Instructions to follow:
Copying rule for the data below: pictures stay out, and only the lines from the one with "[diagram: clean part render]" down to the one with "Length unit declared in the file: inch", inclusive, are repeated exactly.

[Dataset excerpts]

◇ ◇ ◇

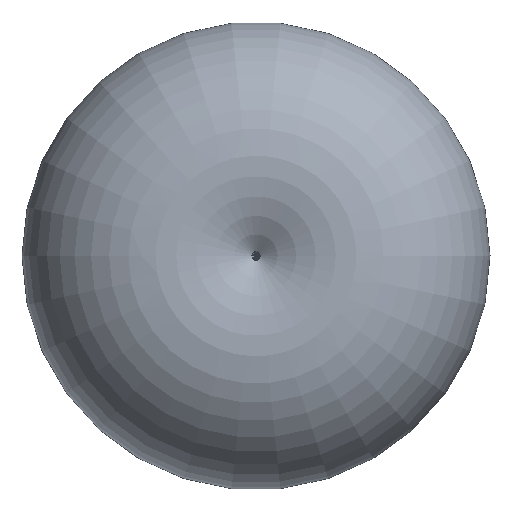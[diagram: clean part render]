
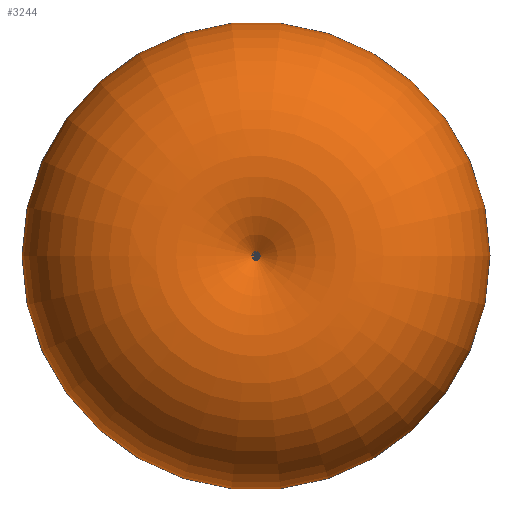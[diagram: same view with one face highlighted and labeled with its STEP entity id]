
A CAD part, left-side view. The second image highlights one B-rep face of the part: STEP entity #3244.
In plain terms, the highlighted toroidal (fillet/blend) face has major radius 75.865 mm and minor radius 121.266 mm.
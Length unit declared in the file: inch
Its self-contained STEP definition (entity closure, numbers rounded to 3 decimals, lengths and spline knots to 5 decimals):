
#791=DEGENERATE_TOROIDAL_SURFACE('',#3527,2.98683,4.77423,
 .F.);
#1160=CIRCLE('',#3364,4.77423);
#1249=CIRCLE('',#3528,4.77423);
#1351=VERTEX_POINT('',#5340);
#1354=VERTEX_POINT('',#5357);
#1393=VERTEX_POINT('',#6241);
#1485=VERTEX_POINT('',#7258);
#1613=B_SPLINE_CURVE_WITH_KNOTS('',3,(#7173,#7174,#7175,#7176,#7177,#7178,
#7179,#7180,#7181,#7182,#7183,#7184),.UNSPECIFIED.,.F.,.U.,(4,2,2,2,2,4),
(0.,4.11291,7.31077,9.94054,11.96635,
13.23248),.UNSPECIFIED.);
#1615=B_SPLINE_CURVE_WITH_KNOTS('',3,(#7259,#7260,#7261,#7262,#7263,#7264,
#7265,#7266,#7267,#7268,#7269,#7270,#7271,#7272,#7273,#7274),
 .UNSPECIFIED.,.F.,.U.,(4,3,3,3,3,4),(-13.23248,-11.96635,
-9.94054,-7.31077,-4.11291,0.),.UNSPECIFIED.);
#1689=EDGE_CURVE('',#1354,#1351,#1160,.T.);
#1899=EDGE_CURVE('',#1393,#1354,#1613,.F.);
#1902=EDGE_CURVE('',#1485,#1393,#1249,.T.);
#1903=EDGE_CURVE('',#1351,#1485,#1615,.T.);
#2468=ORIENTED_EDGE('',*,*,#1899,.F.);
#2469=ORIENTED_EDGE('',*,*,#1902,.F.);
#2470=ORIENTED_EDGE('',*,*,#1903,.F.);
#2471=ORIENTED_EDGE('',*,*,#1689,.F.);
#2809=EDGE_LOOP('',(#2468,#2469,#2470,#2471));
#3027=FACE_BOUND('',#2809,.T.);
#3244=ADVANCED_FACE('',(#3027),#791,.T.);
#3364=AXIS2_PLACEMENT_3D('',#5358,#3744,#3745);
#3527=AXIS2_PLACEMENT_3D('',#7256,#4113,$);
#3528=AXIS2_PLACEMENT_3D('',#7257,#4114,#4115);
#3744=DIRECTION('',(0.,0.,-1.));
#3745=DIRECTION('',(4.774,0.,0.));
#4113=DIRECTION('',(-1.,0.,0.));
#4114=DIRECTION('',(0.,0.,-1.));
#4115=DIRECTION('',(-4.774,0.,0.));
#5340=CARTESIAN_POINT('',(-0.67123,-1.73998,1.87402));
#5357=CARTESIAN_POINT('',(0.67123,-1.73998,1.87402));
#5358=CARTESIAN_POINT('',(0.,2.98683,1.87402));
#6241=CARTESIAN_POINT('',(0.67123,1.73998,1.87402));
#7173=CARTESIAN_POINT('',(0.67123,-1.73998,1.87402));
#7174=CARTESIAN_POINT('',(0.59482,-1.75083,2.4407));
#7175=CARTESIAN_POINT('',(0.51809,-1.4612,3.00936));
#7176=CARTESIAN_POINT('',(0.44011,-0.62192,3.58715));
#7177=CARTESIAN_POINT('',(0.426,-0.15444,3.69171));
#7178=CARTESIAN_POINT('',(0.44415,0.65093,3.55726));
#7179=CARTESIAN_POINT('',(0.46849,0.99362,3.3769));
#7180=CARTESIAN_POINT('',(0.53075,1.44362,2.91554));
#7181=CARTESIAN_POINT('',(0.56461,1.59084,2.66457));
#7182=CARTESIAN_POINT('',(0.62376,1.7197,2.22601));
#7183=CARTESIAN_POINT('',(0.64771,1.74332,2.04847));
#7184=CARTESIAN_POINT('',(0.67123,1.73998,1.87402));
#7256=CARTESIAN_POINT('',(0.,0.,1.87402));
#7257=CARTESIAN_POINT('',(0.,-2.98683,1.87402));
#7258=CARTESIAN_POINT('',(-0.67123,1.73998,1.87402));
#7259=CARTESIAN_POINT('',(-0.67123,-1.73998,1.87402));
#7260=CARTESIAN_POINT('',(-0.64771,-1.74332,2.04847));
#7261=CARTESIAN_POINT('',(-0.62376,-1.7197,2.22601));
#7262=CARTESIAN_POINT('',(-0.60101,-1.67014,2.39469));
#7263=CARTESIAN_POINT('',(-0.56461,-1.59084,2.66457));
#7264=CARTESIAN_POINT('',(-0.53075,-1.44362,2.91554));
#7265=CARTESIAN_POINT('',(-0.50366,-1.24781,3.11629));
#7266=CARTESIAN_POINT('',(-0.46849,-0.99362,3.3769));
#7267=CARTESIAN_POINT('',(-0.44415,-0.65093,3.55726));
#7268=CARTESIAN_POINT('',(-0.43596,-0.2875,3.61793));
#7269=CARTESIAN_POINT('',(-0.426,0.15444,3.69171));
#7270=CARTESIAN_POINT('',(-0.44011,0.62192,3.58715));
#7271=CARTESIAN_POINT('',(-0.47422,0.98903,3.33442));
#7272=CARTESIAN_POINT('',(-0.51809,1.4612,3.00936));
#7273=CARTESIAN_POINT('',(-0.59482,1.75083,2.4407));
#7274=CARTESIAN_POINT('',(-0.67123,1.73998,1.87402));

◇ ◇ ◇

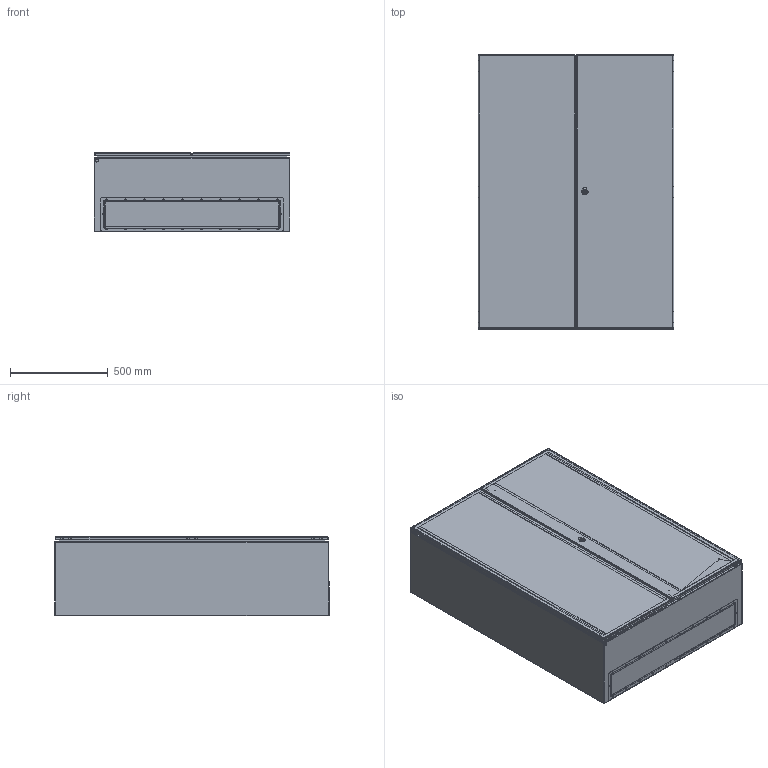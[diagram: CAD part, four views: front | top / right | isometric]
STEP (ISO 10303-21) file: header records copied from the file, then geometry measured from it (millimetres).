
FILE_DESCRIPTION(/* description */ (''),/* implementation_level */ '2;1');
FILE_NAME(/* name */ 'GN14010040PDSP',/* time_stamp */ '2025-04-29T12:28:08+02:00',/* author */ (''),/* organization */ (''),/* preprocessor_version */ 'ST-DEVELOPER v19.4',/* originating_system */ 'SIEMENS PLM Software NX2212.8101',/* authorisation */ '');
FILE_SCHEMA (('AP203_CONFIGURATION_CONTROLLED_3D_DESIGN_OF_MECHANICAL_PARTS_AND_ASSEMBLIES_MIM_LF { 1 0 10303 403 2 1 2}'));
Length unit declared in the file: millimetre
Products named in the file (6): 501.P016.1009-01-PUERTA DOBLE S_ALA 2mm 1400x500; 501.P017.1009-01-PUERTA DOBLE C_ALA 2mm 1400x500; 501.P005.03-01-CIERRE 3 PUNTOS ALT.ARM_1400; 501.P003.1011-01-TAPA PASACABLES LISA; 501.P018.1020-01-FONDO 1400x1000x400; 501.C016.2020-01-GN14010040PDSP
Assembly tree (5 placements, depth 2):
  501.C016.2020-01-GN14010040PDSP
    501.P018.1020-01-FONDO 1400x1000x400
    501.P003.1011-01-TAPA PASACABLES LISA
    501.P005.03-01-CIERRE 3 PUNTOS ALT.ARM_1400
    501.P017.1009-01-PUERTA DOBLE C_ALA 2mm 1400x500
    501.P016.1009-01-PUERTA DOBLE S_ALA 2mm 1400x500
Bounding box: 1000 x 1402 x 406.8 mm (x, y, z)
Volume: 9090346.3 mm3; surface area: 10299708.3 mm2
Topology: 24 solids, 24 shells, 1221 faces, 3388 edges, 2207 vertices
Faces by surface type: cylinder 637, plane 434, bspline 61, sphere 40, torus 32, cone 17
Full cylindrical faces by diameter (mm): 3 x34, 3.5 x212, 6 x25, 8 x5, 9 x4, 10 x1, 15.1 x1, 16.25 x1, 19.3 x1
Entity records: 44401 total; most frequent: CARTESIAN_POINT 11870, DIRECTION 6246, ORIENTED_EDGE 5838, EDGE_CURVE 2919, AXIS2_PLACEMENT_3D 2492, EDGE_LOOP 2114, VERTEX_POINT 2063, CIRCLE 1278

◇ ◇ ◇

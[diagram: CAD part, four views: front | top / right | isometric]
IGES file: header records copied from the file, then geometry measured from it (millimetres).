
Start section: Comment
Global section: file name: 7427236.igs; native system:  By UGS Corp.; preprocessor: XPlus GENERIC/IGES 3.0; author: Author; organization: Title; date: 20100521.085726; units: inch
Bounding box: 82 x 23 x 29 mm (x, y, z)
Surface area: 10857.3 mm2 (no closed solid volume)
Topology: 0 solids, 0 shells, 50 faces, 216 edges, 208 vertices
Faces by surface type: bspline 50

◇ ◇ ◇

Solution to the exercise:
[diagram: clean part render]
[diagram: same view with one face highlighted and labeled with its STEP entity id]
A CAD part, left-side view. The second image highlights one B-rep face of the part: STEP entity #3244.
In plain terms, the highlighted toroidal (fillet/blend) face has major radius 75.865 mm and minor radius 121.266 mm.
Length unit declared in the file: inch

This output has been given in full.